Understanding the enhanced electrochemical performance of samarium substituted Li[Li0.2Mn0.54 − xSmxCo0.13Ni0.13]O2 cathode material for lithium ion batteries

•The Sm-substituted electrode shows elevated electrochemical performance.•Enlarged Li layer space, inhibited oxygen release and better electrical conductivity are achieved.•The rare earth elements series are hoped to further used on other layered cathode materials.

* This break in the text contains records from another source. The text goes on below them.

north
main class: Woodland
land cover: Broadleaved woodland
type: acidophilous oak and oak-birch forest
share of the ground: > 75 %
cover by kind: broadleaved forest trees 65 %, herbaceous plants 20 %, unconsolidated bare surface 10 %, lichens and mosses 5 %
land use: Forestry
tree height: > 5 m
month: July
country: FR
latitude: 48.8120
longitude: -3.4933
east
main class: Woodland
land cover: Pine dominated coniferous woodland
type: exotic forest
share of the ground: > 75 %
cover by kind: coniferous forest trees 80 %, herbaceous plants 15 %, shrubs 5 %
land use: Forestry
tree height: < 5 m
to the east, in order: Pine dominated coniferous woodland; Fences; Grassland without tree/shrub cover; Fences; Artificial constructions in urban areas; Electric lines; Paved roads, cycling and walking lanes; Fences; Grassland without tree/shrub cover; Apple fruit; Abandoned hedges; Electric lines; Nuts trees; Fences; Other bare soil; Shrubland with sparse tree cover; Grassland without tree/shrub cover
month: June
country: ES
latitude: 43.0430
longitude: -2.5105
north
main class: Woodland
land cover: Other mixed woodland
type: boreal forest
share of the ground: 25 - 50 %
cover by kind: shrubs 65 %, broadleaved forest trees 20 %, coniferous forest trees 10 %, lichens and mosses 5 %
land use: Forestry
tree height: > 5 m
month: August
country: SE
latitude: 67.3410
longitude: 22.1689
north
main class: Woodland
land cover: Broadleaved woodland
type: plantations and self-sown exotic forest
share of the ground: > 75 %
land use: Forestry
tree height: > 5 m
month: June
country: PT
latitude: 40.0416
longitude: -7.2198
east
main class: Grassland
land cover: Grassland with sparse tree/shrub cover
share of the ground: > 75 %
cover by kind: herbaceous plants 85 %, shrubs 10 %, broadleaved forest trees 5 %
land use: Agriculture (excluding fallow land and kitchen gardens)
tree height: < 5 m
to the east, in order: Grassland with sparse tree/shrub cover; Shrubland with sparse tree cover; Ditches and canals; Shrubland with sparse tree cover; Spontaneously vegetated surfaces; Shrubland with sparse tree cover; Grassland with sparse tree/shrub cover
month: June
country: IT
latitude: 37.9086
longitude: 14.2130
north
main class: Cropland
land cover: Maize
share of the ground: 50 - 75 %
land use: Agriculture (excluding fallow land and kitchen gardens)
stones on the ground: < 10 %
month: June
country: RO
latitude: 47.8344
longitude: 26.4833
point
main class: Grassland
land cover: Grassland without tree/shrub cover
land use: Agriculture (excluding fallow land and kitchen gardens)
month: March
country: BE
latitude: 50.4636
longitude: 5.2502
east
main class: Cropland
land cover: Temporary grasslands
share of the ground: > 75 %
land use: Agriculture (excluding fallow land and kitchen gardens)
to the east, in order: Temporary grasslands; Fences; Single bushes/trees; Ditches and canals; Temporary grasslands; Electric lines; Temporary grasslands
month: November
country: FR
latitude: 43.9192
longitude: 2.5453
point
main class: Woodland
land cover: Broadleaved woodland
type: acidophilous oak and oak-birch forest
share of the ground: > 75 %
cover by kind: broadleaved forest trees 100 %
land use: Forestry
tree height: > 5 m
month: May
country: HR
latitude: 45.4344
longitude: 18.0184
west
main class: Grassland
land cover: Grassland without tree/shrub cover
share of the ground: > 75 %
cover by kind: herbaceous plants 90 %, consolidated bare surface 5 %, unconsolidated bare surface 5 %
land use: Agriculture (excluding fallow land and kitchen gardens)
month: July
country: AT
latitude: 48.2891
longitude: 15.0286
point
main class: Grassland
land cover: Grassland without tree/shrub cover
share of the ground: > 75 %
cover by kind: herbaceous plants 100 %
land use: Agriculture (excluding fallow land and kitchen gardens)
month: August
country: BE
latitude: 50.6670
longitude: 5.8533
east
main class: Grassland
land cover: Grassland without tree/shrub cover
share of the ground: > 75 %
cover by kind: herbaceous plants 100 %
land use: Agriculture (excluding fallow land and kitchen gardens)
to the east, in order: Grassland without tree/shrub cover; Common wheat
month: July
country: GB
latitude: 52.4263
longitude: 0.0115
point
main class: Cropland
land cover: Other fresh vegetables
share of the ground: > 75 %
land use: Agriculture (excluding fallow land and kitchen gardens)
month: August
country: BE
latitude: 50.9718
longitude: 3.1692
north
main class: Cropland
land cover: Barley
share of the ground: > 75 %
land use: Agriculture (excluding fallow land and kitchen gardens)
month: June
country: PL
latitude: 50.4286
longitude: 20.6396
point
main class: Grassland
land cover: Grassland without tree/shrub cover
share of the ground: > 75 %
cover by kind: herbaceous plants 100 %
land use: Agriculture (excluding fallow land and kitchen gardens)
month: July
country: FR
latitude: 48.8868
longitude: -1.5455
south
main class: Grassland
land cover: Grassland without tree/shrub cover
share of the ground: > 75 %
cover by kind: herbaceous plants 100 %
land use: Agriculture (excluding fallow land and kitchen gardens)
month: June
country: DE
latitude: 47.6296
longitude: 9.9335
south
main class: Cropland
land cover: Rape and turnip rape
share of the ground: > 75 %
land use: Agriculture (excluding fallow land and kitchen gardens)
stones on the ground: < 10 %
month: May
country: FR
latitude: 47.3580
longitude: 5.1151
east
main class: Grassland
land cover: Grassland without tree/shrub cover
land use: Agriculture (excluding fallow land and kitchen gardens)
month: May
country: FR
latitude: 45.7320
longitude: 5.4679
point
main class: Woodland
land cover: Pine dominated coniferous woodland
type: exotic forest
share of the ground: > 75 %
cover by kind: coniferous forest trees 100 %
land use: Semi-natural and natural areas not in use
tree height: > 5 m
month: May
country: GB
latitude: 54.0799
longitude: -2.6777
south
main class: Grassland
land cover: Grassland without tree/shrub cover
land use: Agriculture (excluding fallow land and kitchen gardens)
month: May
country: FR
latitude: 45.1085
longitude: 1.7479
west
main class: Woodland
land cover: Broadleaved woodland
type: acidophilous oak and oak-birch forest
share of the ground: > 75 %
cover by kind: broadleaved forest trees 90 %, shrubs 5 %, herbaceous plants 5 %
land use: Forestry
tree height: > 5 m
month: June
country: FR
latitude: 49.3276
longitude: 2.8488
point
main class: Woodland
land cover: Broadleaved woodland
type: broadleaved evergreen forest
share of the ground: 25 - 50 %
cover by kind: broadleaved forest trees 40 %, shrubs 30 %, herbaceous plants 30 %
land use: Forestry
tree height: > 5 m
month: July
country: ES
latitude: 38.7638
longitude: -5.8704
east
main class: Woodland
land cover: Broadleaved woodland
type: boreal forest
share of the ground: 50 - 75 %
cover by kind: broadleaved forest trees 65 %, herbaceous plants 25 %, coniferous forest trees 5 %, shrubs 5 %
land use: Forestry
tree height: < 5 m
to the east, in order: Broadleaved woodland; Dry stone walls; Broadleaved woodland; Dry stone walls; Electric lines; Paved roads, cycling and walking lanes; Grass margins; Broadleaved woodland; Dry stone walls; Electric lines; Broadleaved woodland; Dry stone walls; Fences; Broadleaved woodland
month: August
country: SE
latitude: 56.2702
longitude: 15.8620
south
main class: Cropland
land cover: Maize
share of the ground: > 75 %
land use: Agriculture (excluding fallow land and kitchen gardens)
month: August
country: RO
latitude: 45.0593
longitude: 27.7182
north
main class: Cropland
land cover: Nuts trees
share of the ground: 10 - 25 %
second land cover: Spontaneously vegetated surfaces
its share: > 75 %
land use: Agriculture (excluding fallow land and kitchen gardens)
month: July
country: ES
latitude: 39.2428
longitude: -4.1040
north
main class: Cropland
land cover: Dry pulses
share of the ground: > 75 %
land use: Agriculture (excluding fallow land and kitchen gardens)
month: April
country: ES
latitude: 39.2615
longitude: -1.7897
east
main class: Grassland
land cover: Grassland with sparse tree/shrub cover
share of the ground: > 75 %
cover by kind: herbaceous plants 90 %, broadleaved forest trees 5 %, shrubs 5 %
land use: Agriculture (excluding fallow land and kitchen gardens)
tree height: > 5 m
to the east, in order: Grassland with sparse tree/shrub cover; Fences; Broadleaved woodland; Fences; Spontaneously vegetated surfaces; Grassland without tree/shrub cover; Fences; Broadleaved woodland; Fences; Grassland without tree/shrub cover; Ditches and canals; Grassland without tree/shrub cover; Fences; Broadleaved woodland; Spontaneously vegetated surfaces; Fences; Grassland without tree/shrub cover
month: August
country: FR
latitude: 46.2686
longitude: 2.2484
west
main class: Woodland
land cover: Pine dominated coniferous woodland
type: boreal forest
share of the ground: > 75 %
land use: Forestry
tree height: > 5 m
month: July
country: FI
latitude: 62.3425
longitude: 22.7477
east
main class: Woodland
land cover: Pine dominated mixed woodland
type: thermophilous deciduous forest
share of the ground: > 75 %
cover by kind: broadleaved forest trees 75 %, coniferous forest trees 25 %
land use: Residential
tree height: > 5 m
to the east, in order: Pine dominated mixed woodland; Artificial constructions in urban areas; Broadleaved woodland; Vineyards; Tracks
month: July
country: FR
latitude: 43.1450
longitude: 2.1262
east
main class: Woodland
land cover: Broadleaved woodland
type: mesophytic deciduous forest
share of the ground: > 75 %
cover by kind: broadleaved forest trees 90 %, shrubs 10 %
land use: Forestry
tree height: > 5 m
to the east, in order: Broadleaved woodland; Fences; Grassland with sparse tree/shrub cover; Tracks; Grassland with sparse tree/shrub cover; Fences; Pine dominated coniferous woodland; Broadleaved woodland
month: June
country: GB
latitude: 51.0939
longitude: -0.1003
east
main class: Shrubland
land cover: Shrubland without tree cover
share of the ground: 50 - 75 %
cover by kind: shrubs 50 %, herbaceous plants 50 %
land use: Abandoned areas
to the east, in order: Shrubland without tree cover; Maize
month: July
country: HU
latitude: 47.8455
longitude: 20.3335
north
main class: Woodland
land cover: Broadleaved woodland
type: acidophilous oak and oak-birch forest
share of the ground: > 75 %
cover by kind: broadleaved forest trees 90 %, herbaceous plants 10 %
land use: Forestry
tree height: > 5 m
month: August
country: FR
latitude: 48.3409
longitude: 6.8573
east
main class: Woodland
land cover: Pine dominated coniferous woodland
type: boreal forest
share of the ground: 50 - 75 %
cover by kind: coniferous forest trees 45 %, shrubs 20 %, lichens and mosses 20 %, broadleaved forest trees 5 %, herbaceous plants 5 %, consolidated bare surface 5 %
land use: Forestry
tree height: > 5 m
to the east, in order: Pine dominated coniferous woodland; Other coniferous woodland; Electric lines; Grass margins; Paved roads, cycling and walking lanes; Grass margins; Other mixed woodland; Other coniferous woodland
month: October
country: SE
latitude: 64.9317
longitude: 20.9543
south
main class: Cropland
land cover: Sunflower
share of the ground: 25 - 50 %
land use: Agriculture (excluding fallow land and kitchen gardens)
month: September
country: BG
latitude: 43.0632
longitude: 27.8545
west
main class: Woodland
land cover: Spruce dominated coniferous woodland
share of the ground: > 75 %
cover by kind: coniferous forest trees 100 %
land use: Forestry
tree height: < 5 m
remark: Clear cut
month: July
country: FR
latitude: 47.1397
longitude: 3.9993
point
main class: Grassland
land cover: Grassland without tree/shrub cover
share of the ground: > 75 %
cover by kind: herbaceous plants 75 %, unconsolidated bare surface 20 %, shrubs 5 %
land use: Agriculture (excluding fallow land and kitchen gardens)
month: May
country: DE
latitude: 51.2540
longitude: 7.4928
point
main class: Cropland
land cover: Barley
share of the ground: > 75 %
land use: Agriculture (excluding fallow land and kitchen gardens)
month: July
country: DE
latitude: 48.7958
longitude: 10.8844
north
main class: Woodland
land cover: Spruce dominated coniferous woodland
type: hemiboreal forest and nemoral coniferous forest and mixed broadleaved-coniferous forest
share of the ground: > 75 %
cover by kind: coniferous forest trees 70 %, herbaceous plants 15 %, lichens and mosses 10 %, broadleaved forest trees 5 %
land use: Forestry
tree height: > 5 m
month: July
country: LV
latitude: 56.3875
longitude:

Lithium-excess layered cathode materials Li[Li0.2Mn0.54 − xSmxCo0.13Ni0.13]O2 (x = 0, 0.01, 0.03, 0.05) with different quantities of Sm were synthesized by the coprecipitation-calcination method. The rare earth element samarium (Sm) was introduced into the structure of Li[Li0.2Mn0.54Co0.13Ni0.13]O2 as the replacement at Mn sites. The refinement unit cell parameters from the X-ray powder diffraction patterns illustrate the doping of Sm facilitates enlarging the lithium ions diffusion passageway space of the Li[Li0.2Mn0.54Co0.13Ni0.13]O2 structure. The Li[Li0.2Mn0.51Sm0.03Co0.13Ni0.13]O2 electrode presented the best electrochemistry properties. The initial discharge capacity is 287.5 mAh g− 1 and the initial coulombic efficiency increases from 81.31% to 85.34% with a constant current density of 12.5 mA g− 1, which can be attributed to the suppression of the oxygen release from the structure at the initial charge-discharge process. The Li[Li0·2Mn0.51Sm0.03Co0.13Ni0.13]O2 electrode delivers 236.1 mAh g− 1 after 40 cycles and the capacity retention ratio is 82.12% while only 206.8 mAh g− 1 and 70.85% are obtained after 40 times of cycling for the pristine electrode. The Nyquist plots indicate that the electrical conductivity and interfacial electrochemical reaction activity increase as well.